Entre Combes et Cluses, au pays de l’or vert…

« On ferait bien quelque chose qui sort de l’ordinaire !« . Et la communication se termina sur ces quelques mots. Depuis quelques temps une idée me trotte derrière la tête : le Jura, et sa fameuse grande traversée. Seul, en groupe, en autonomie ou non, les options sont nombreuses…

Texte et photos : Camille Blanc

On dispose de 5 jours pour rouler, 2 jours pour la logistique et le transport. Qu’a cela ne tienne, 3 jours plus tard je rappelais François en lui proposant un programme copieux : la GTJ en 5 étapes. Il n’eut guère le choix de décliner l’offre et quelques minutes suffirent pour enrôler Sébastien dans l’aventure. Le trio constitué, les étapes mises au point, les gîtes et le transport des sacs réservés, nous voici au matin du départ.

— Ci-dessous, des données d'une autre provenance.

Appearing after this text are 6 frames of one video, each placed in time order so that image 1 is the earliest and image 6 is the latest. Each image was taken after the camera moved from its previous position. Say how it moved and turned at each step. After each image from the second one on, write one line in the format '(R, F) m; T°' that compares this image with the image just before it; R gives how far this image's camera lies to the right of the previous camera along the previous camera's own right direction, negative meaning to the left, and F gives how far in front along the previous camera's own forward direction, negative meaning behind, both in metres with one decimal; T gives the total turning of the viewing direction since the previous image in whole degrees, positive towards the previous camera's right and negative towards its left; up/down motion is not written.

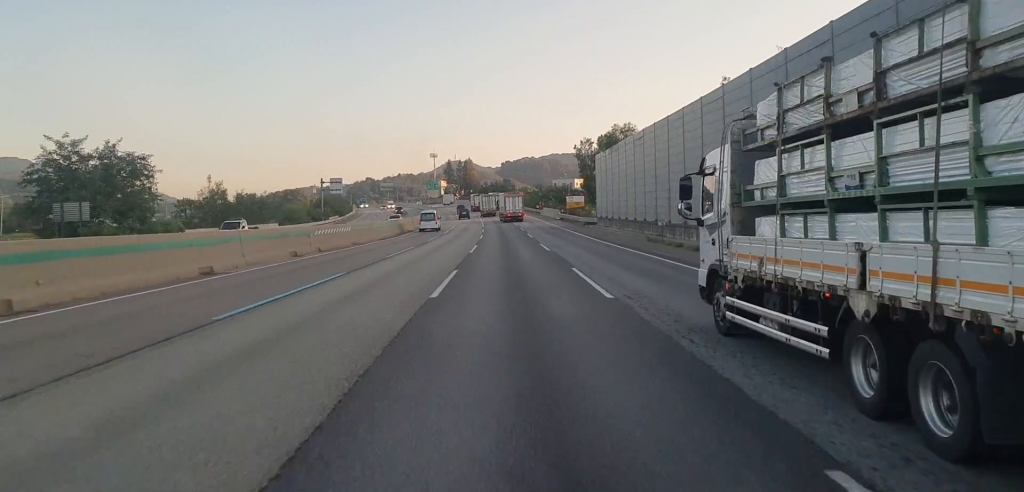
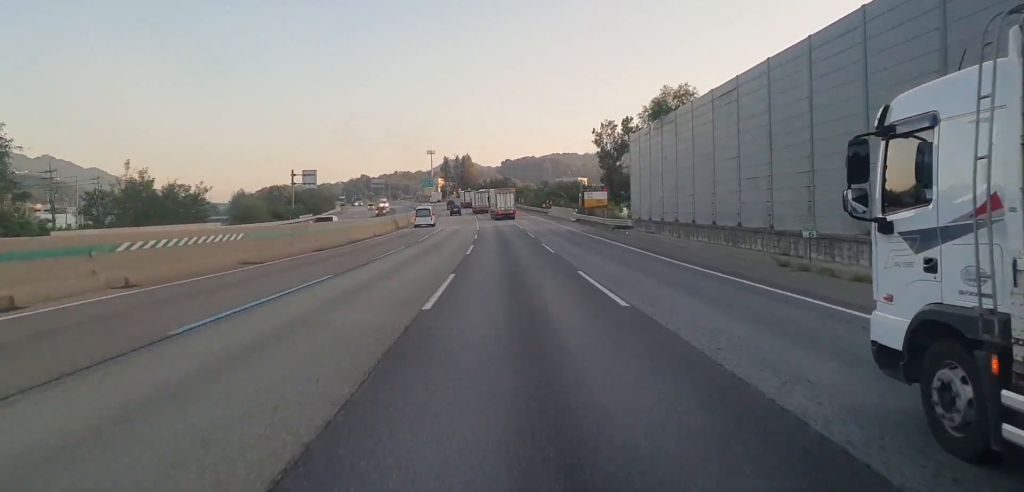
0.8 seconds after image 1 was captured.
(-0.1, +21.8) m; 0°
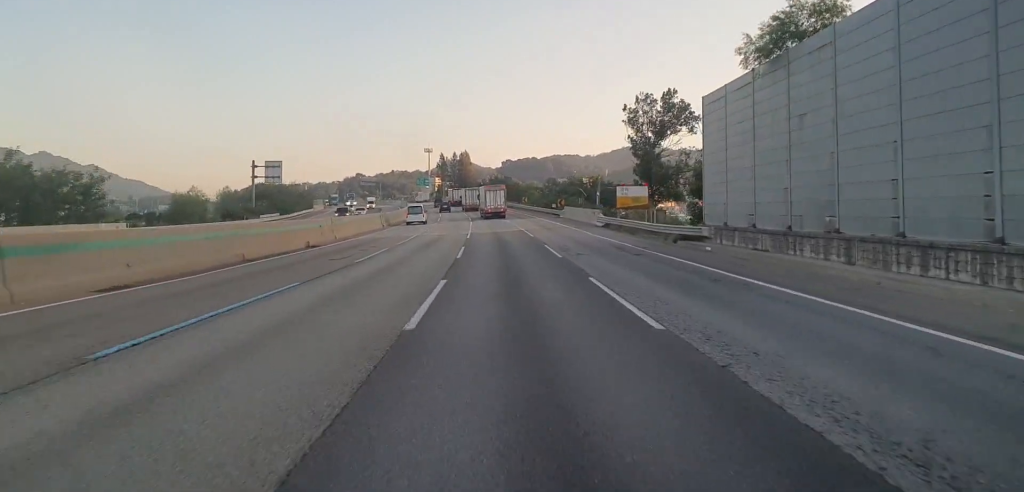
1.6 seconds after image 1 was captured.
(-0.1, +21.7) m; 0°
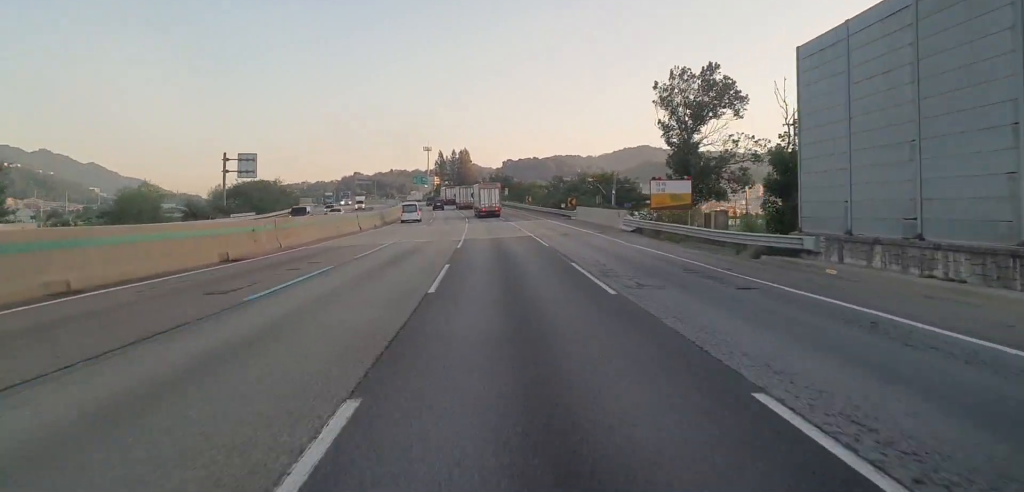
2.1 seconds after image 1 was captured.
(+0.2, +12.6) m; 0°
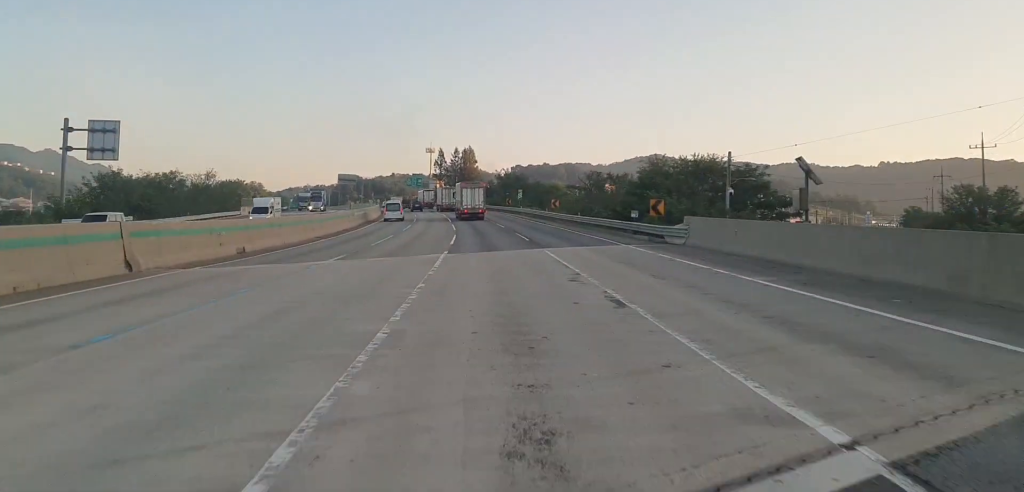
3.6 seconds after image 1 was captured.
(-0.3, +40.0) m; -1°
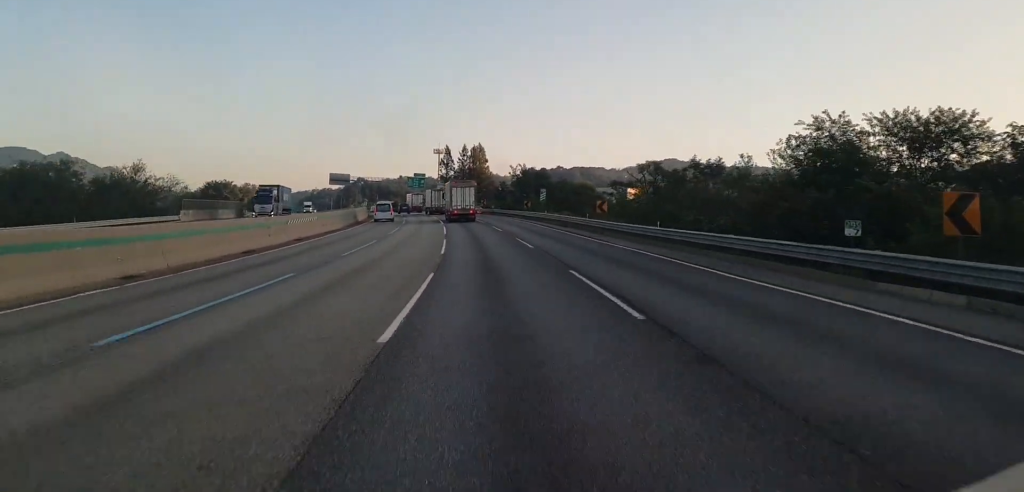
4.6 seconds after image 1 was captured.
(-0.3, +27.1) m; -2°

Une première journée dédiée au transport. Il nous faut rejoindre le Jura, et plus précisément le lieu d’arrivée de la GTJ, Hauteville-Lompnes (prononcer « lône »), prendre le train à partir de la gare d’Ambérieux-en-Bugey pour rejoindre Montbéliard et finalement Mandeure, le départ de la GTJ. Une nuit de sommeil, un début de matinée pour préparer les sacs qui nous suivront d’un hébergement à l’autre par voiture et nous voila prêt pour les premiers coups de pédales.

BD_GTJ_Départ Théatre Gallo Romain

étape 1 : Mandeure-Goumois – 64km / 1800m D+

Après un tour au théâtre gallo-romain de Mandeure, le deuxième plus grand d’Europe, nous nous élançons sur le tracé. Le fléchage est bon et le restera globalement lors de toute l’aventure. On croisera rapidement un couple de hollandais ayant déjà parcouru 900km à pied depuis l’autre pays du fromage ! Ca monte, on était prévenu. La pluie sur les racines et les cailloux rend le terrain glissant. On cassera une chaine dès les premiers kilomètres avant de rejoindre Pont-de-Roide à travers les pâturages. De là, on entamera une belle ascension jusqu’au Fort des Roches. Cette batterie militaire fait partie de la ligne de fortifications militaires reliant la mer du Nord à la Méditerranée et fut érigée après 1870. L’histoire française se retrace tout le long de cette étape. Plus loin, la Tour Carrée, et un mémorial à la mémoire des maquisards du Lomont.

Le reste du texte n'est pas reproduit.